Reality takes a complete different shape if we annul all the discourses that have been created by development agents and theorists until now. In this way development is everywhere and underdevelopment is nowhere. An alternative to development, therefore, consists of making present the non-existent produced by the monocultures of knowledge, universal and global, linear time, classification and capitalist productivity, created by the Enlightenment thinking (Gibson – Graham 2005, p.5). In Jarga, for example, development exists. It is place-specific and determined by a mesh of traditional practices and relationships of gifting, borrowing, volunteering, sharing and reciprocated individual and collective work all of which are existent economic practices that have been rendered non-existent (Gibsom – Graham 2005, p. 15-16). An example of sharing is the tihap practice through which rice farmers receive money or fertilizers before or during the land preparation and repay the donor in rice, with interest added in, after the harvest season (Gibson-Graham 2005, p.15). I think it is necessary to change one’s thought pattern in order to see through and thus be able to speak a true word (Freire 1996, p.69) to finally change one’s attitude and behaviour. This transformation represents the essence of development which according to me has not been annulled by post-development theorists. I see a net affinity between those who reject development such as Escobar and those who are searching for alternatives to development such as Gibsom–Graham. Both are actually rejecting imperialistic and universalistic development that has shaped today’s society until now, the so called PWWII development project, and searching for alternatives to it. I think that an alternative to development is the acceptance of the diversity of the world which gives rise to different realities all of which deserve to exist in the way the people create them, that is with their culture, belief, personality, language, religion and way of expressing. I agree with Etounga-Manguelle according to who “a project premised upon a set of values cannot succeed in absence of those values” (Matthews 2007, p.380).

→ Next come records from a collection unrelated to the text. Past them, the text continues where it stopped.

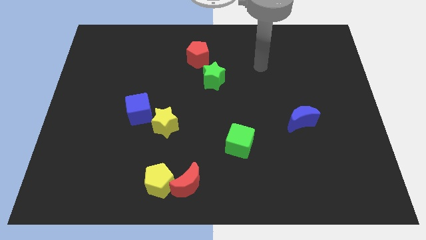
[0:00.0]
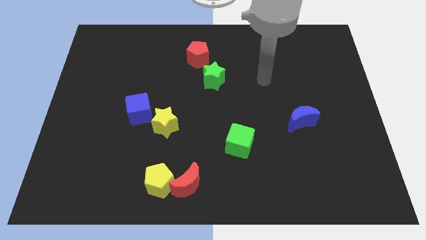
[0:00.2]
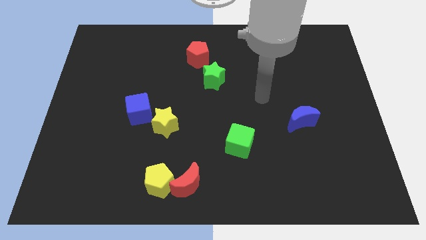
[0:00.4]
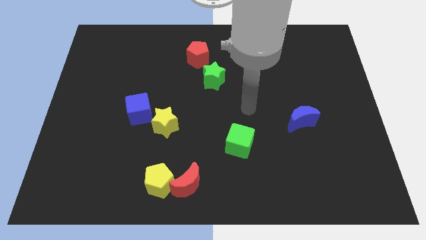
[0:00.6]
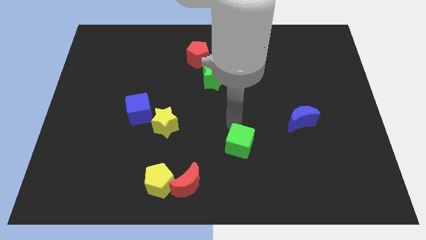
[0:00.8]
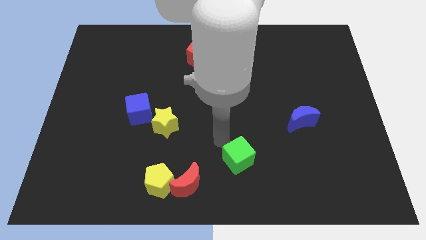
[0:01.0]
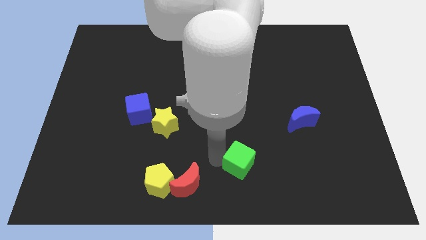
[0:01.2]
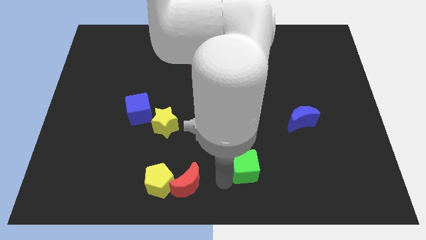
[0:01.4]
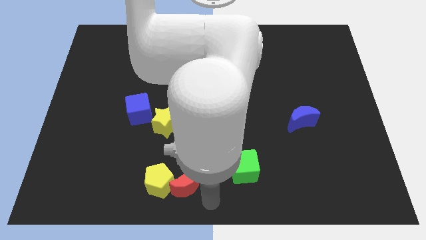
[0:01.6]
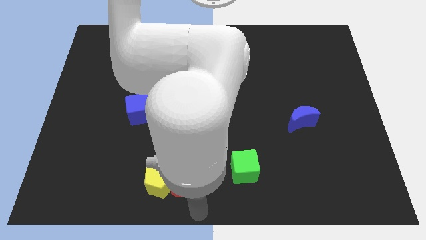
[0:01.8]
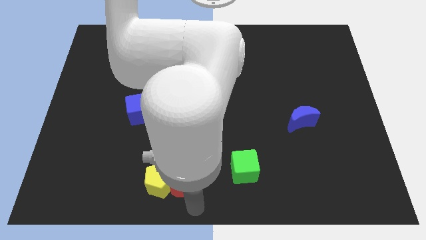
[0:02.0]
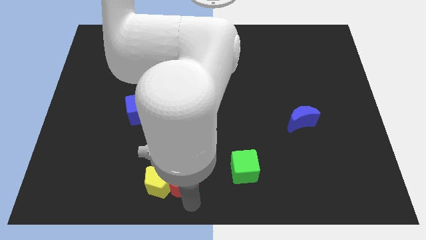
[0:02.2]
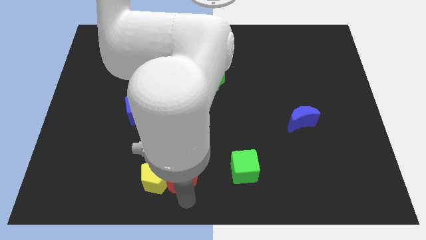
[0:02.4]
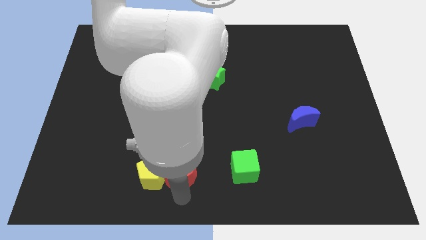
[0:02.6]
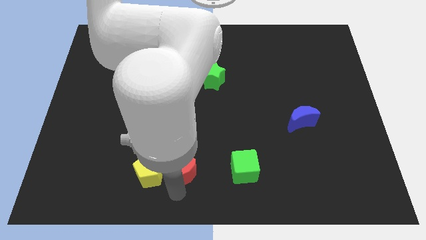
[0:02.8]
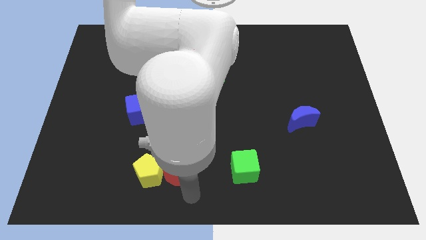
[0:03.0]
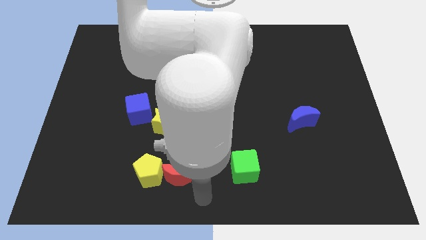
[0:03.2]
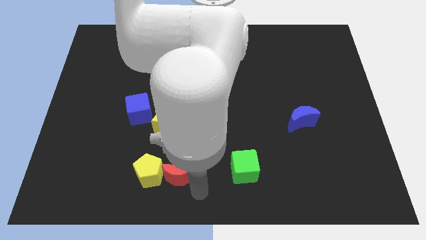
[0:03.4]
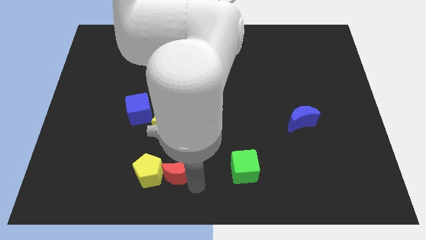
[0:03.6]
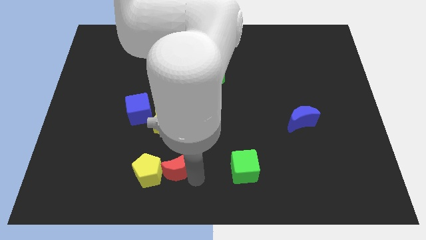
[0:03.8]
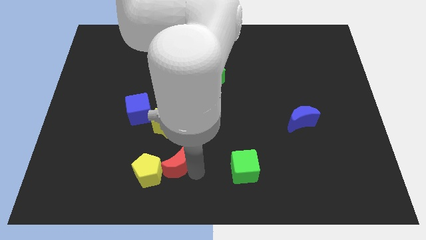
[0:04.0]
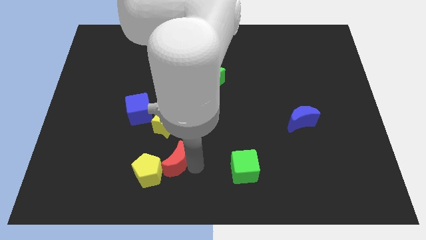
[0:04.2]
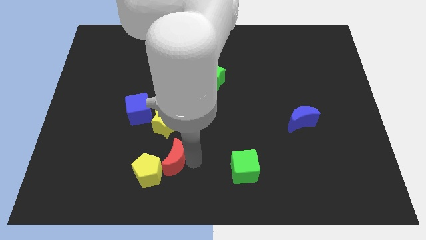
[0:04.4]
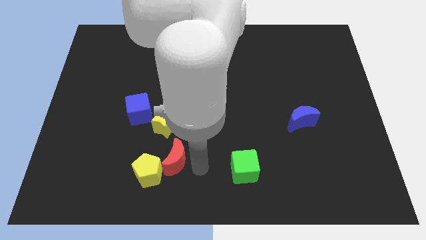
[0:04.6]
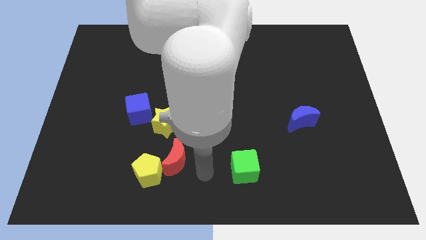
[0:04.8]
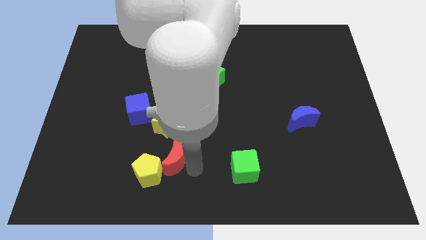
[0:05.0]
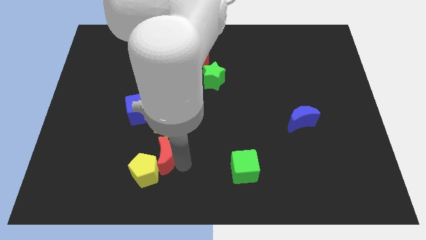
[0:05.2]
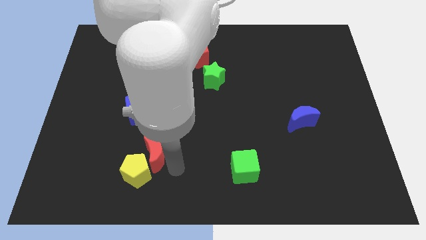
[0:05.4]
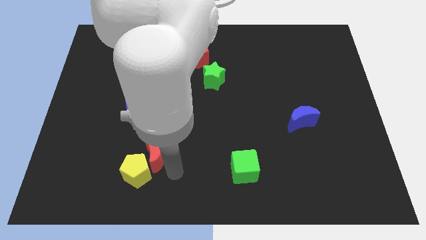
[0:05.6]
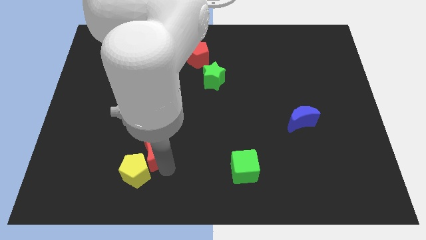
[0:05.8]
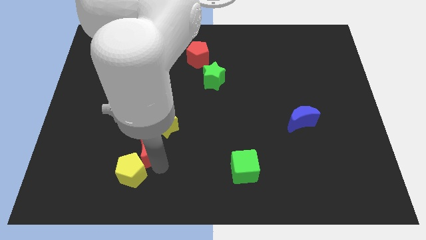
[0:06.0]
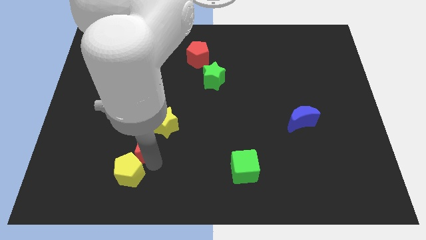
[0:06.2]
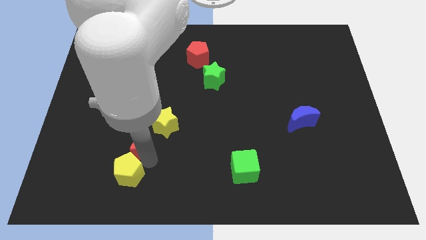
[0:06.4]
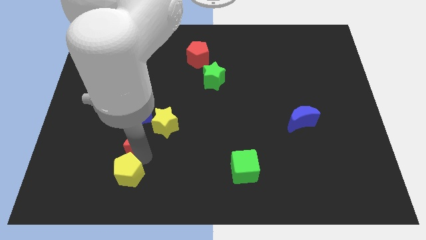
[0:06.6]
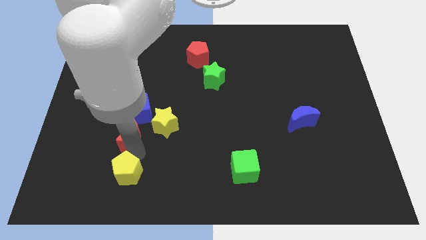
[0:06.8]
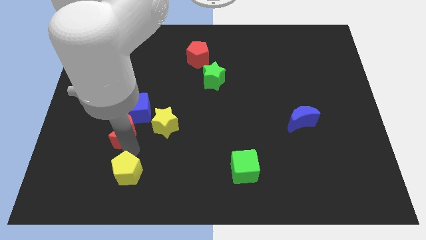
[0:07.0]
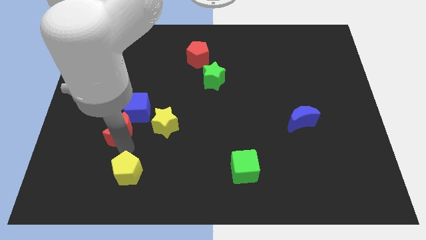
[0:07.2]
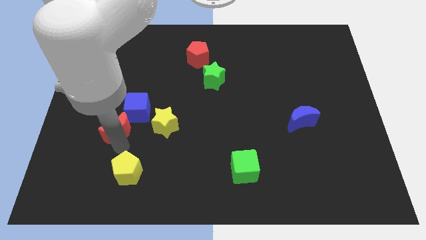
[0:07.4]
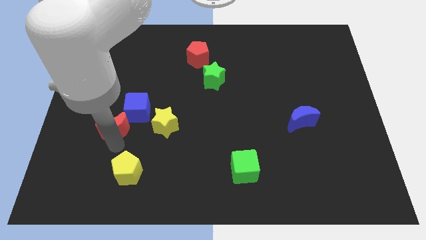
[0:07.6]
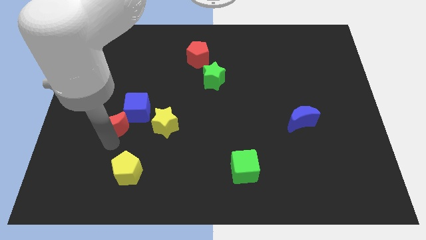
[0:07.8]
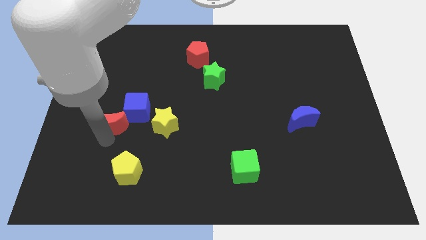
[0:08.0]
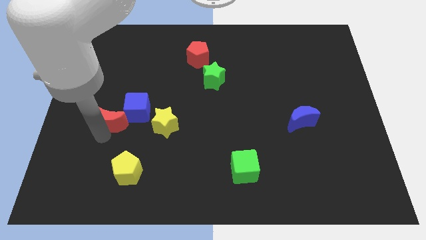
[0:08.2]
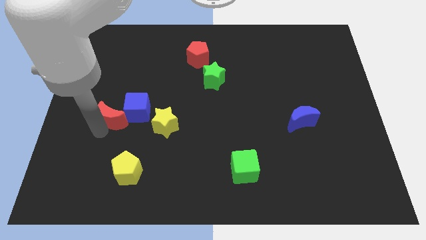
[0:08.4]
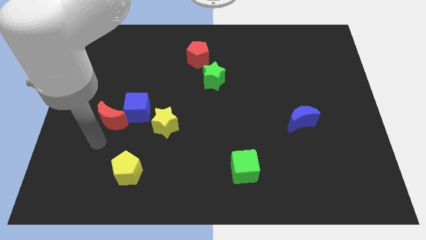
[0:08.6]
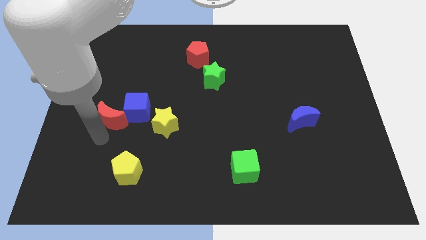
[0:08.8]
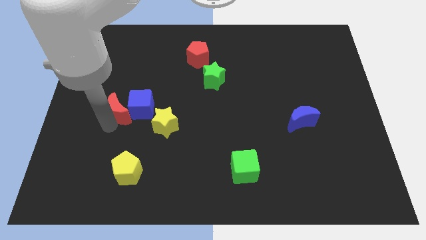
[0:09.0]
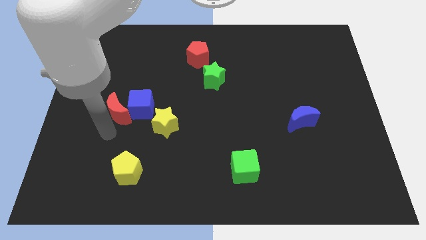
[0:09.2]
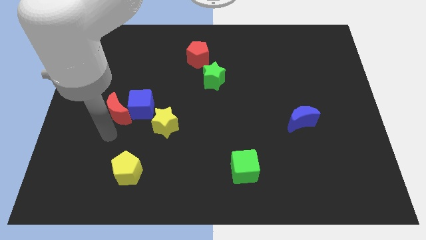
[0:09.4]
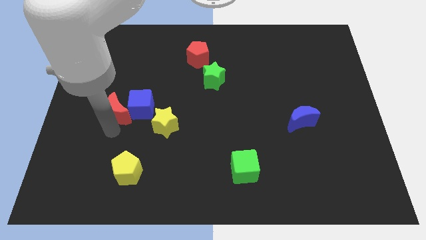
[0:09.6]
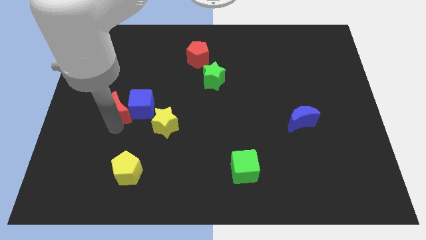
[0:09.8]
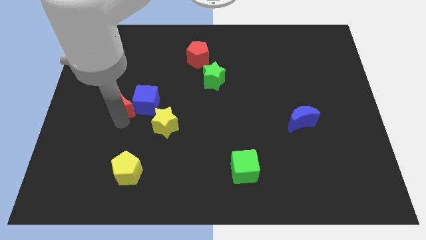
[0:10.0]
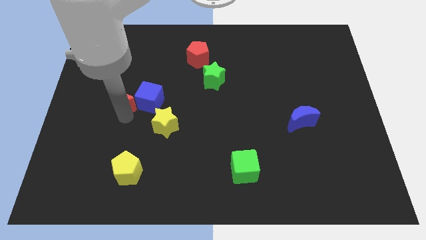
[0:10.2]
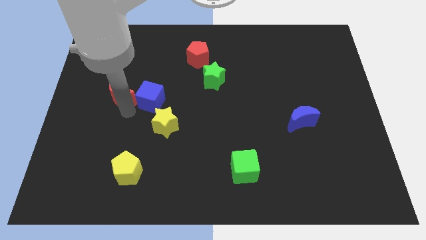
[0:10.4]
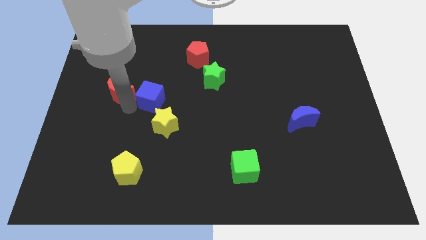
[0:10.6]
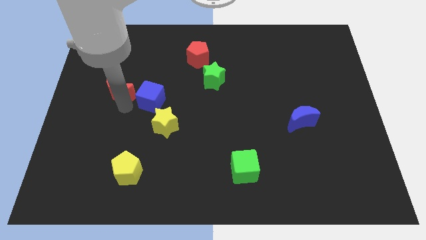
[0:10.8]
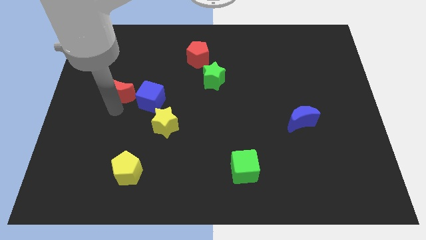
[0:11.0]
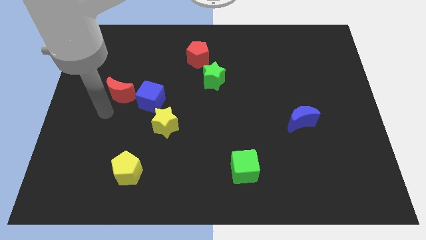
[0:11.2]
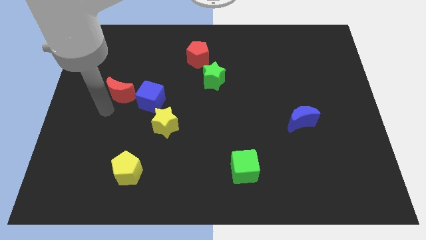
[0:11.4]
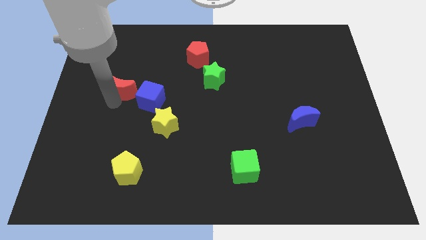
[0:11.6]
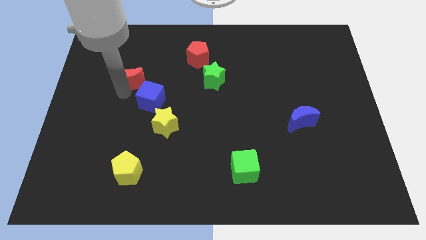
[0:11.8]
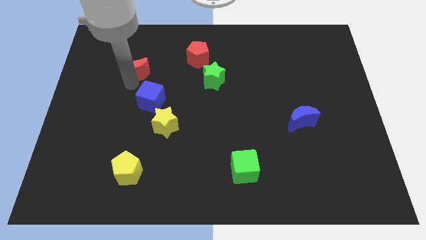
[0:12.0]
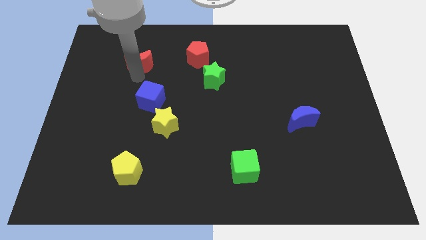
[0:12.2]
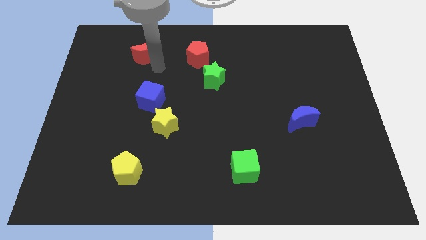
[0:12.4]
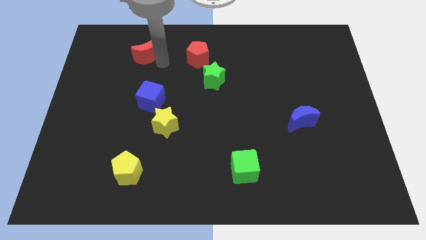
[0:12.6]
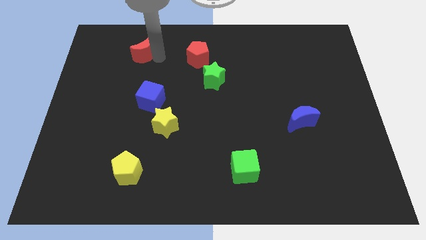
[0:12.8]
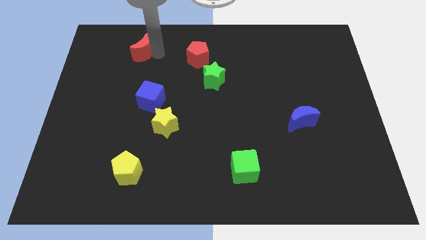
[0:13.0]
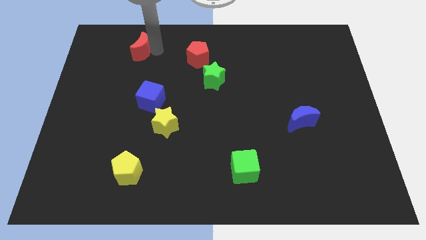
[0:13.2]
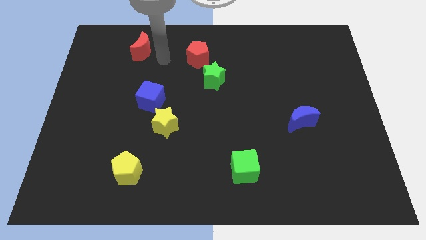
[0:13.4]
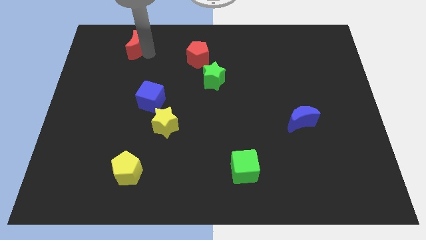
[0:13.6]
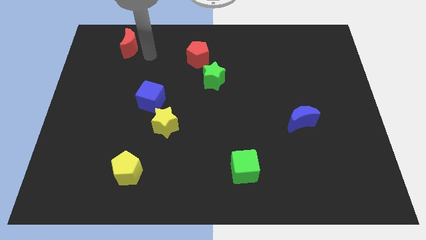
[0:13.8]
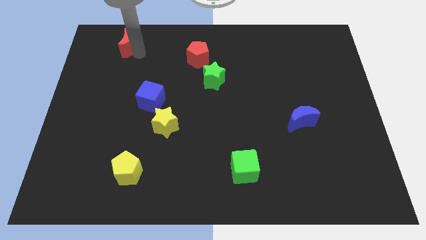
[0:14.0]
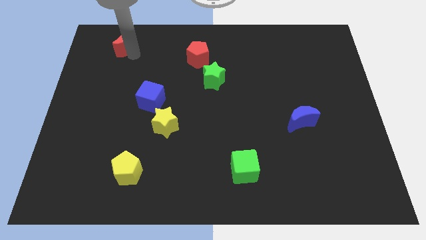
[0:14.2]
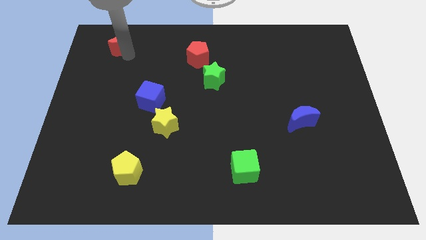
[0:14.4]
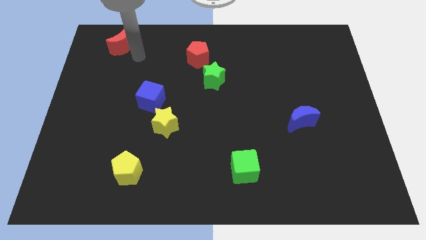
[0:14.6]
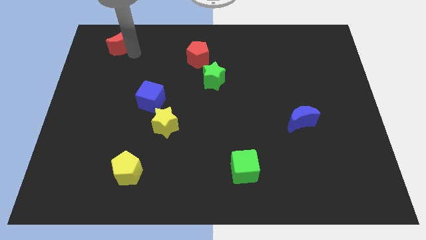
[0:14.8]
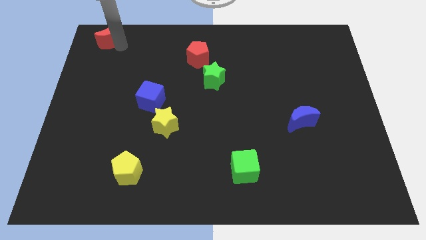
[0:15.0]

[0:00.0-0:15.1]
slide the red moon to the top left of the board

If we change our thought pattern we transmogrify our reality that is dualism into pluralism, homogeneity into heterogeneity, poverty into wealth. As a result, poverty can be a resource rather than a deficit (Max Neef 1982, 1991; Chambers, 1983 in Pieterse 2000, p.177). Changing our thought pattern means fighting the concept of orientalism, namely western representations of southern cultures (McEwan 2009, p.60). This makes reality more human and less inhuman. “Culturally perceived poverty need not be real material poverty: subsistence economies which serve basic needs through self-provisioning are not poor in the sense of being deprived” (Shiva V, 1998b, 10 in Pieterse 2000, p.177). If poverty is only a construct of the mind created by planners and development actomaniacs who “give the uniformed public the distorted impression of how the world’s impoverished are living their deprivations by presenting them as incapable of doing anything intelligent by themselves” (Rahnema 1992, 169 in Pieterse 2000, p.177) then the realisation of this fact automatically changes development and thus reality. We then eliminate the concept of poverty in our mind and start looking at people for who they believe they are, namely rich and wise rather than poor and ignorant. The annulment of development is the abandonment of previous mind construct. We shall therefore stop referring to it as development and accept reality for what is rather than for what should be or what it is not. Discourse power has created a farce condemning indigenous populations to near extinction, firstly making them think of themselves as inferior, underdeveloped and ignorant and secondly presenting them to the world as the ‘illiterate’, ‘malnourished’, ‘small farmers’, all of which are abnormalities created by development discourse aimed later to be treated and reformed (Escobar 1997, p.92). As a result, it seems to me as if development has been created intentionally in order to “underdevelop” people, namely taking away their dignity as human beings.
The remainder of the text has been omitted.